Lopez gets feet wet at third base

PEORIA, Ariz. -- A throw from catcher Adam Moore reintroduced Jose Lopez to the hot corner Wednesday afternoon during the Mariners' extra-inning loss to the Giants in the Cactus League opener at Peoria Stadium.

The throw that Lopez knocked down ended a streak of 9 2/3 innings without any action during the experimental position switch from second base. It also settled his nerves before he finally got a ball hit his way -- a two-out chopper in the fourth inning.

He fielded it cleanly and made a strong, accurate throw to first base.

"I got an easy one," he smiled. "It wasn't like when the catcher threw the ball to third base."

The position switch moved to another level as Lopez played in a "real" game situation for the first time this spring. He played five innings of Monday's intrasquad game and never had a play to make.

"I thought during the first four innings, 'No ground balls today too?'" he quipped.

Finally, he has something to gauge his progress.

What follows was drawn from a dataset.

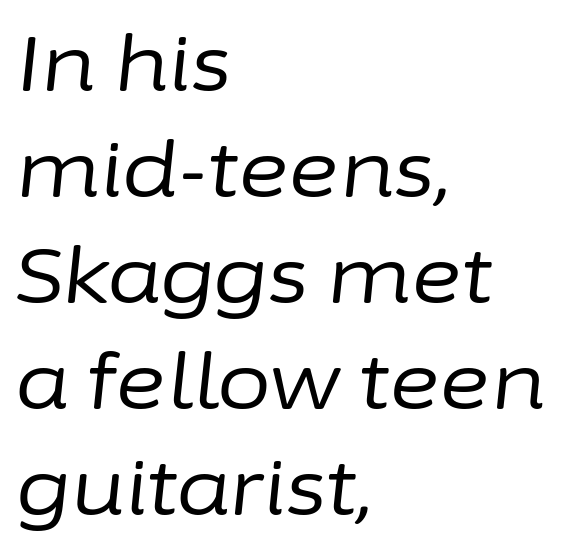
Notice how descenders clear the ascenders below comfortably — that's standard leading. The area under the type is left untouched. The characters are drawn with everyday or finer stroke widths. Looks like regular typesetting: each glyph gets only the width it needs. You could call the tracking neutral — neither tight nor loose.

"It was like my first day in the big leagues," Lopez said. "Nervous. Nervous. But when you catch the ball and make an out, [there is] no more nervous and you want more. I want more ground balls at third base."

He departed after the fifth inning, returning to one of the practice fields to take a few more grounders -- slow rollers that he barehanded and threw to first base.

A decision to move Lopez to third and put quicker Chone Figgins at second base is still at least two weeks away from being made. But Lopez seems to be getting more comfortable each day.

"I liked the Lopez-Figgins combination out there," manager Don Wakamatsu said after the 8-7 loss. "There was the one to Figgy's right [off Fred Lewis' bat in the third inning] and Lopey played an outstanding third base on the one play."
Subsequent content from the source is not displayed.